Two methods for estimate $s_{\bar{X}}$?

Question

When reading in my book Mathematical statistics and Data Analysis (Ross), I figured there where two different methods to compute the estimate $s_{\bar{X}}$, with $\bar{X} = \frac{1}{n}\sum_{i=1}^n X_i$. The first is $$s_{\bar{X}} = \sqrt{\frac{\sum_{i=1}^n (X_i - \bar{X})^2}{n-1}}$$ and the second is $$s_{\bar{X}} = \sqrt{\frac{s^2}{n}(1-\frac{n}{N})}$$

In Example A in section 11.3 in the book, we have the following table of values: \begin{matrix} Before & After & Difference \\ 25 & 27 & 2 \\ 25 & 29 & 4 \\ 27 & 37 & 10 \\ 44 & 56 & 12 \\ 30 & 46 & 16 \\ 67 & 82 & 15 \\ 53 & 57 & 4 \\ 53 & 80 & 27 \\ 52 & 61 & 9 \\ 60 & 59 & -1 \\ 28 & 43 & 15 \end{matrix}

From the column of differences, $\bar{D}=10.27$ and they say $s_{\bar{D}}$ is 2.40. This answer is true for the second method of computing I described above. In this case, $N=\infty$ is used. When computing this with the first method, the answer would be 7.94.
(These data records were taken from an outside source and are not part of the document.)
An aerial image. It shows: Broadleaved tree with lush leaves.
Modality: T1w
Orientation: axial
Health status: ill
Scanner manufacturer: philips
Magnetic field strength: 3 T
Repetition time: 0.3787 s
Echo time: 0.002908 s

Now my question is: when do I use the first method and when the second? Maybe the answer is simple, but I can't figure it out by myself.

Answer 1

The first equation is $not$ for standard error of $\bar X$, it is for the sample standard deviation $S$. The standard error of $\bar X$ is $S/\sqrt{n}.$ The second equation looks as if you are sampling $n$ individuals from a finite population of size $N$. Careful reading of the context of these equations will probably clarify things for you. Ross is pretty careful about specifying conditions.
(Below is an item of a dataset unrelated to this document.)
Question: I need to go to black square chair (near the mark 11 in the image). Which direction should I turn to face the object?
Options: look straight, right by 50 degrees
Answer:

Here are computations from R, verifying what you say about the column of differences:

 d = c(2,4,10,12,16,15,4,27,9,-1,15)
 mean(d)
 ## 10.27273
 sd(d)
 ## 7.9761  # S
 sd(d)/sqrt(length(d))
 ## 2.404885 # SE

In this case the standard error seems to be for sampling with replacement or for sampling without replacement from a population viewed as (essentially) infinite. When $n$ is much smaller than $N$ the second factor under the square root sign (second formula) is very nearly unity.